I have been notified that PDFJAVA-42361 (textlines are merged) has been resolved. I have tested this in Aspose.PDF for Java 23.1 by converting a PDF to a Word document using the ENHANCED FLOW recognition method, but it is still putting each line of a paragraph or bulleted list inside its own row. Please see the input PDF and output Word document attached.
Input: Example 1.pdf (126.8 KB)
Output: Example 1.docx (14.0 KB)
Another ticket as PDFJAVA-42456 has been logged in our issue management system to check recently shared file and address the issue accordingly. We will let you know in case we have further updates. We apologize for the inconvenience faced.
Our converters in Flow and TextBox recognition modes are unable to recognize tables: they are rendered just as text over images with borders.

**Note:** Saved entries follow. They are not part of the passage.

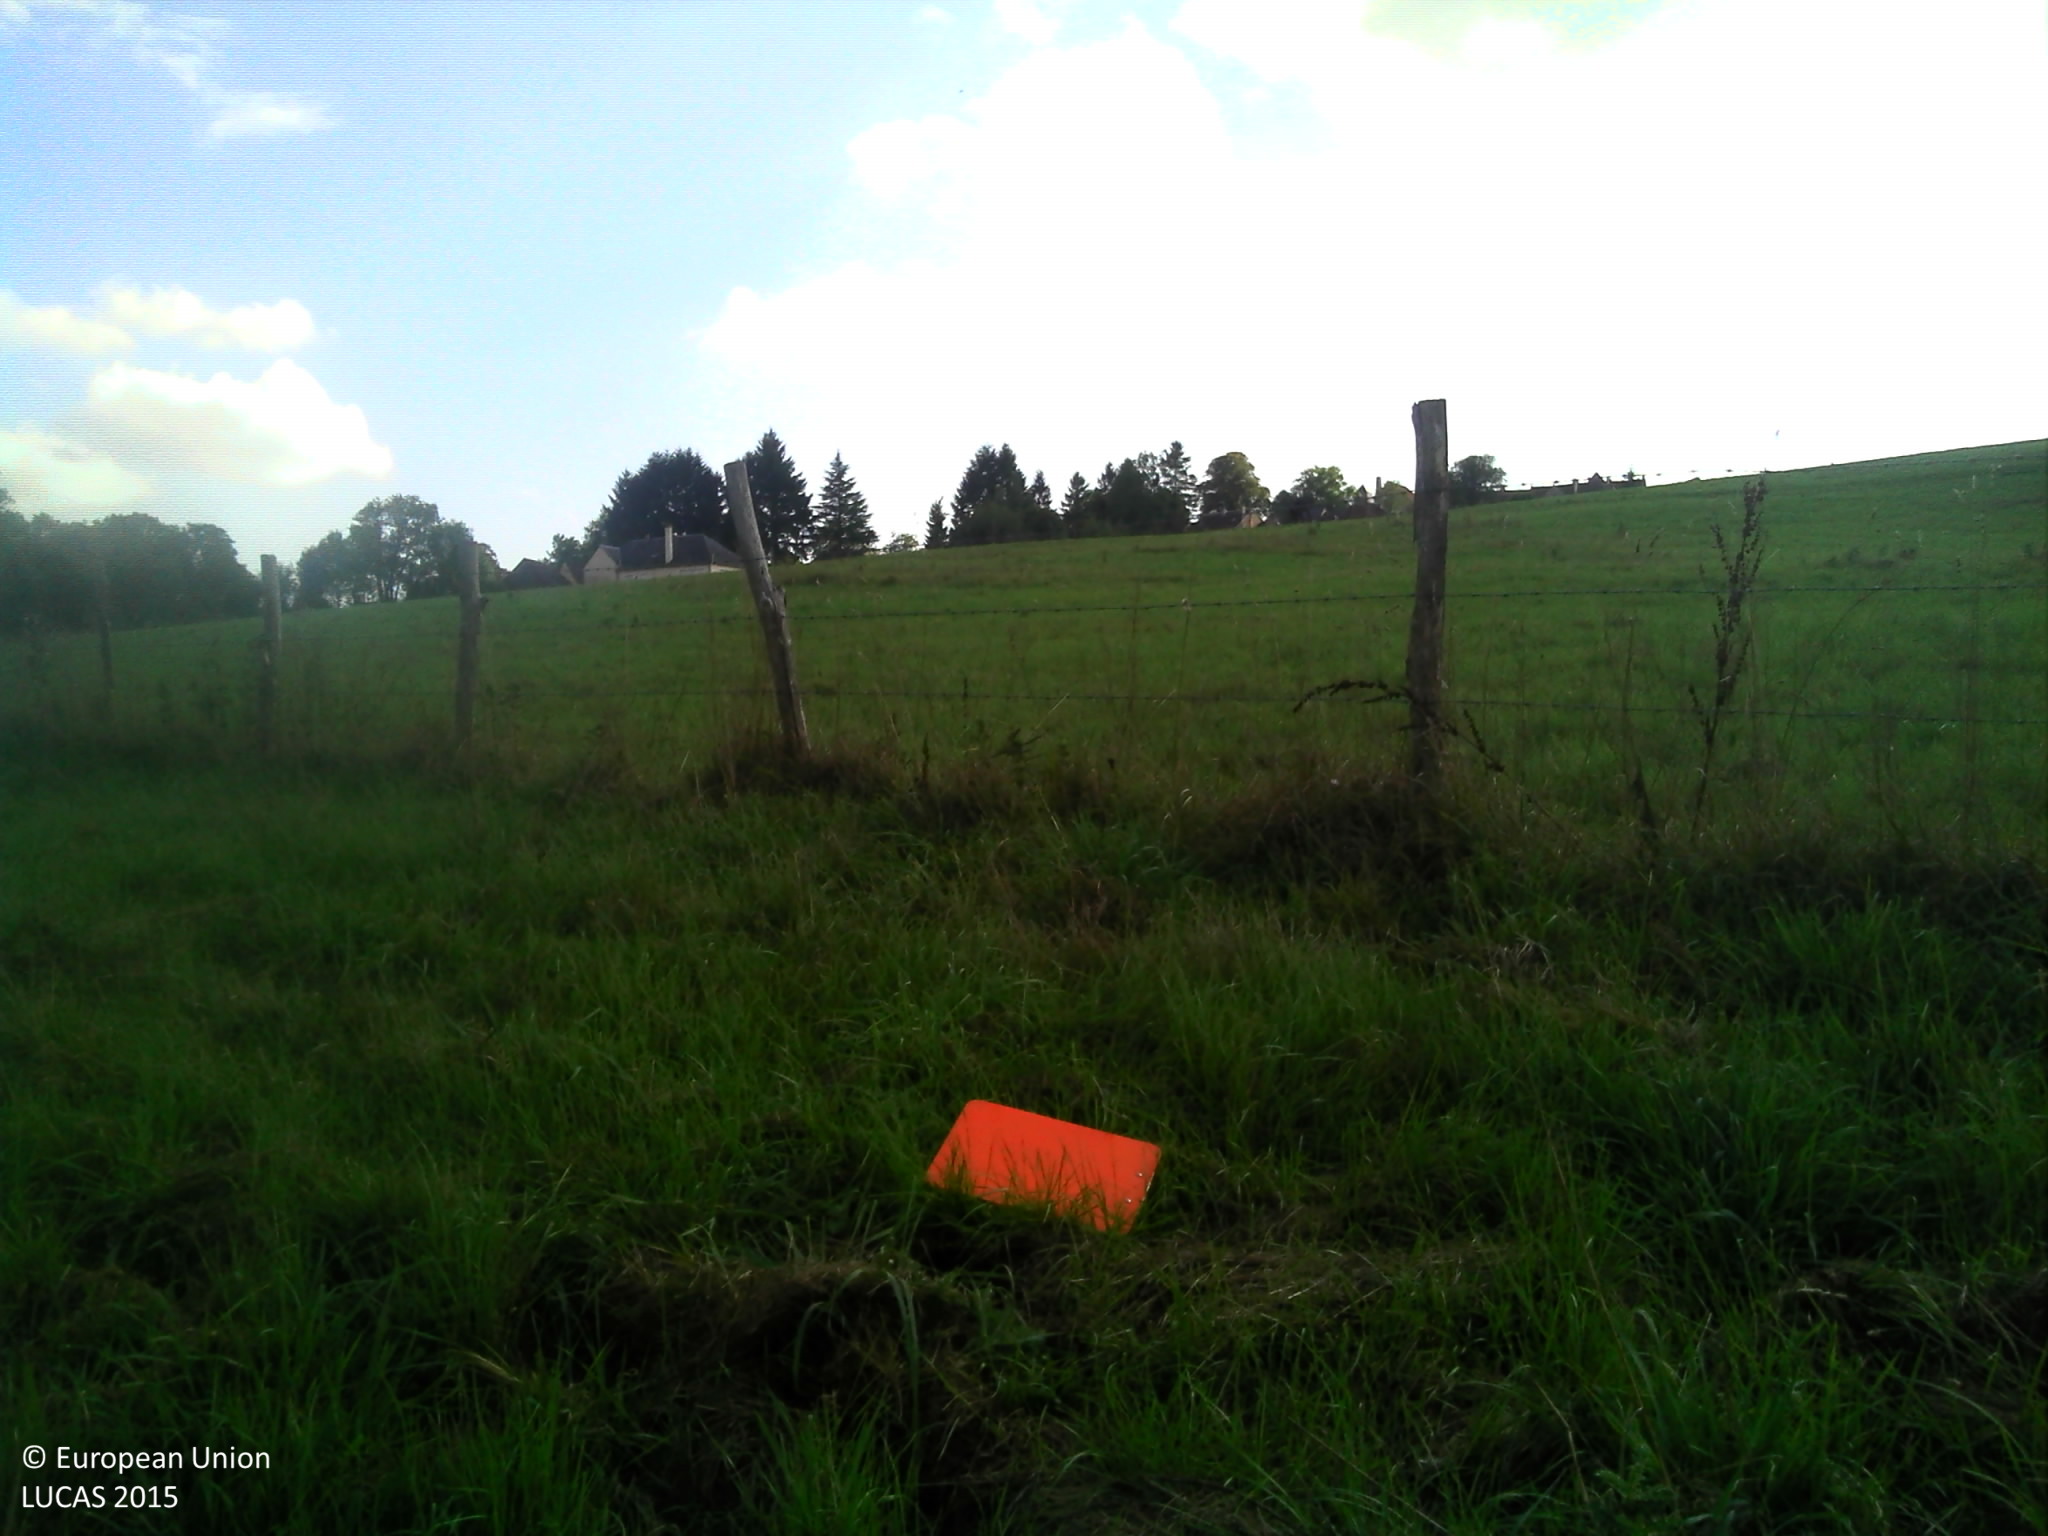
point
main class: Grassland
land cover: Grassland without tree/shrub cover
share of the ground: > 75 %
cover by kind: herbaceous plants 100 %
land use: Agriculture (excluding fallow land and kitchen gardens)
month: September
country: FR
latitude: 48.3797
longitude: 0.5653

Now we are actively working on our new engine (in the beta state now) that will be activated when using EnhancedFlow recognition mode. In this mode, tables are real word tables. Please see the code snippet below:
Document convertPDFDocumentToWord = new Document(MyDir + "LetterTemplate_83807.pdf");
DocSaveOptions docSaveOptions = new DocSaveOptions();
docSaveOptions.setFormat(DocSaveOptions.DocFormat.DocX);
docSaveOptions.setMode(DocSaveOptions.RecognitionMode.EnhancedFlow);
// docSaveOptions.setRelativeHorizontalProximity(2.5f); - not used in EnhancedFlow mode
// docSaveOptions.setRecognizeBullets(true); - always true in EnhancedFlow mode
convertPDFDocumentToWord.save(MyDir + "output.docx", docSaveOptions);
Please try to use the 23.1 version with the shared code snippet and let us know if issue still persists.